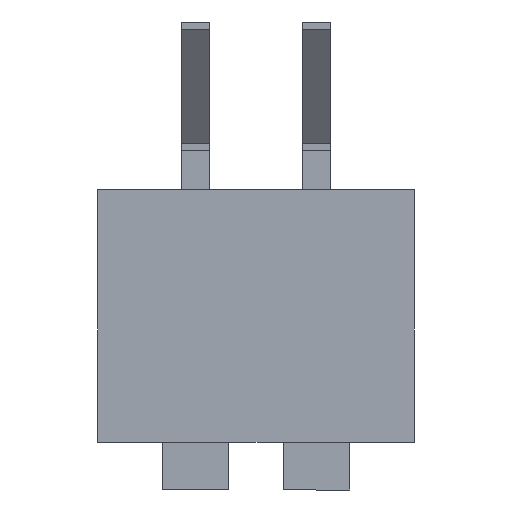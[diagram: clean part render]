
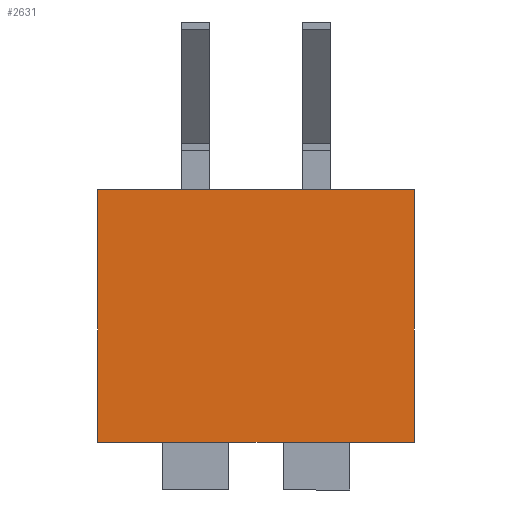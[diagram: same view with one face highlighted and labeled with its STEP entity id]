
A CAD part, front view. The second image highlights one B-rep face of the part: STEP entity #2631.
In plain terms, the highlighted planar face has unit normal (0, -1, 0).
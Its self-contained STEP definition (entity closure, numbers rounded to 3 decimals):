
#107 = CARTESIAN_POINT ( 'NONE',  ( -3.32, 0., 0. ) ) ;
#188 = ORIENTED_EDGE ( 'NONE', *, *, #1061, .F. ) ;
#193 = DIRECTION ( 'NONE',  ( 0., 1., 0. ) ) ;
#310 = LINE ( 'NONE', #2171, #2415 ) ;
#323 = DIRECTION ( 'NONE',  ( 1., 0., 0. ) ) ;
#339 = EDGE_CURVE ( 'NONE', #1670, #2135, #702, .T. ) ;
#468 = LINE ( 'NONE', #2139, #1328 ) ;
#500 = EDGE_LOOP ( 'NONE', ( #1037, #1406, #188, #1856 ) ) ;
#702 = LINE ( 'NONE', #1521, #2535 ) ;
#784 = DIRECTION ( 'NONE',  ( 0., 0., 1. ) ) ;
#792 = CARTESIAN_POINT ( 'NONE',  ( -3.32, 0., 5.3 ) ) ;
#851 = DIRECTION ( 'NONE',  ( 0., 0., 1. ) ) ;
#1037 = ORIENTED_EDGE ( 'NONE', *, *, #339, .F. ) ;
#1061 = EDGE_CURVE ( 'NONE', #1823, #2359, #2011, .T. ) ;
#1106 = DIRECTION ( 'NONE',  ( -1., 0., 0. ) ) ;
#1150 = CARTESIAN_POINT ( 'NONE',  ( 3.32, 0., 0. ) ) ;
#1328 = VECTOR ( 'NONE', #1106, 1000. ) ;
#1373 = EDGE_CURVE ( 'NONE', #2135, #1823, #310, .T. ) ;
#1406 = ORIENTED_EDGE ( 'NONE', *, *, #1546, .F. ) ;
#1521 = CARTESIAN_POINT ( 'NONE',  ( -3.32, 0., 0. ) ) ;
#1546 = EDGE_CURVE ( 'NONE', #2359, #1670, #468, .T. ) ;
#1600 = AXIS2_PLACEMENT_3D ( 'NONE', #2233, #193, #784 ) ;
#1670 = VERTEX_POINT ( 'NONE', #107 ) ;
#1823 = VERTEX_POINT ( 'NONE', #2472 ) ;
#1856 = ORIENTED_EDGE ( 'NONE', *, *, #1373, .F. ) ;
#2000 = CARTESIAN_POINT ( 'NONE',  ( 3.32, 0., 0. ) ) ;
#2011 = LINE ( 'NONE', #1150, #2330 ) ;
#2077 = PLANE ( 'NONE',  #1600 ) ;
#2135 = VERTEX_POINT ( 'NONE', #792 ) ;
#2139 = CARTESIAN_POINT ( 'NONE',  ( -3.32, 0., 0. ) ) ;
#2171 = CARTESIAN_POINT ( 'NONE',  ( -3.32, 0., 5.3 ) ) ;
#2233 = CARTESIAN_POINT ( 'NONE',  ( 0., 0., 0. ) ) ;
#2330 = VECTOR ( 'NONE', #2616, 1000. ) ;
#2359 = VERTEX_POINT ( 'NONE', #2000 ) ;
#2415 = VECTOR ( 'NONE', #323, 1000. ) ;
#2472 = CARTESIAN_POINT ( 'NONE',  ( 3.32, 0., 5.3 ) ) ;
#2489 = FACE_OUTER_BOUND ( 'NONE', #500, .T. ) ;
#2535 = VECTOR ( 'NONE', #851, 1000. ) ;
#2616 = DIRECTION ( 'NONE',  ( 0., 0., -1. ) ) ;
#2631 = ADVANCED_FACE ( 'NONE', ( #2489 ), #2077, .F. ) ;

◆ ◆ ◆

_Description of the task_
Could you set down the records above word for word, without any of the pictures?

_Solution to the problem_
[diagram: clean part render]
[diagram: same view with one face highlighted and labeled with its STEP entity id]
A CAD part, front view. The second image highlights one B-rep face of the part: STEP entity #2631.
In plain terms, the highlighted planar face has unit normal (0, -1, 0).
Its self-contained STEP definition (entity closure, numbers rounded to 3 decimals):
#107 = CARTESIAN_POINT ( 'NONE',  ( -3.32, 0., 0. ) ) ;
#188 = ORIENTED_EDGE ( 'NONE', *, *, #1061, .F. ) ;
#193 = DIRECTION ( 'NONE',  ( 0., 1., 0. ) ) ;
#310 = LINE ( 'NONE', #2171, #2415 ) ;
#323 = DIRECTION ( 'NONE',  ( 1., 0., 0. ) ) ;
#339 = EDGE_CURVE ( 'NONE', #1670, #2135, #702, .T. ) ;
#468 = LINE ( 'NONE', #2139, #1328 ) ;
#500 = EDGE_LOOP ( 'NONE', ( #1037, #1406, #188, #1856 ) ) ;
#702 = LINE ( 'NONE', #1521, #2535 ) ;
#784 = DIRECTION ( 'NONE',  ( 0., 0., 1. ) ) ;
#792 = CARTESIAN_POINT ( 'NONE',  ( -3.32, 0., 5.3 ) ) ;
#851 = DIRECTION ( 'NONE',  ( 0., 0., 1. ) ) ;
#1037 = ORIENTED_EDGE ( 'NONE', *, *, #339, .F. ) ;
#1061 = EDGE_CURVE ( 'NONE', #1823, #2359, #2011, .T. ) ;
#1106 = DIRECTION ( 'NONE',  ( -1., 0., 0. ) ) ;
#1150 = CARTESIAN_POINT ( 'NONE',  ( 3.32, 0., 0. ) ) ;
#1328 = VECTOR ( 'NONE', #1106, 1000. ) ;
#1373 = EDGE_CURVE ( 'NONE', #2135, #1823, #310, .T. ) ;
#1406 = ORIENTED_EDGE ( 'NONE', *, *, #1546, .F. ) ;
#1521 = CARTESIAN_POINT ( 'NONE',  ( -3.32, 0., 0. ) ) ;
#1546 = EDGE_CURVE ( 'NONE', #2359, #1670, #468, .T. ) ;
#1600 = AXIS2_PLACEMENT_3D ( 'NONE', #2233, #193, #784 ) ;
#1670 = VERTEX_POINT ( 'NONE', #107 ) ;
#1823 = VERTEX_POINT ( 'NONE', #2472 ) ;
#1856 = ORIENTED_EDGE ( 'NONE', *, *, #1373, .F. ) ;
#2000 = CARTESIAN_POINT ( 'NONE',  ( 3.32, 0., 0. ) ) ;
#2011 = LINE ( 'NONE', #1150, #2330 ) ;
#2077 = PLANE ( 'NONE',  #1600 ) ;
#2135 = VERTEX_POINT ( 'NONE', #792 ) ;
#2139 = CARTESIAN_POINT ( 'NONE',  ( -3.32, 0., 0. ) ) ;
#2171 = CARTESIAN_POINT ( 'NONE',  ( -3.32, 0., 5.3 ) ) ;
#2233 = CARTESIAN_POINT ( 'NONE',  ( 0., 0., 0. ) ) ;
#2330 = VECTOR ( 'NONE', #2616, 1000. ) ;
#2359 = VERTEX_POINT ( 'NONE', #2000 ) ;
#2415 = VECTOR ( 'NONE', #323, 1000. ) ;
#2472 = CARTESIAN_POINT ( 'NONE',  ( 3.32, 0., 5.3 ) ) ;
#2489 = FACE_OUTER_BOUND ( 'NONE', #500, .T. ) ;
#2535 = VECTOR ( 'NONE', #851, 1000. ) ;
#2616 = DIRECTION ( 'NONE',  ( 0., 0., -1. ) ) ;
#2631 = ADVANCED_FACE ( 'NONE', ( #2489 ), #2077, .F. ) ;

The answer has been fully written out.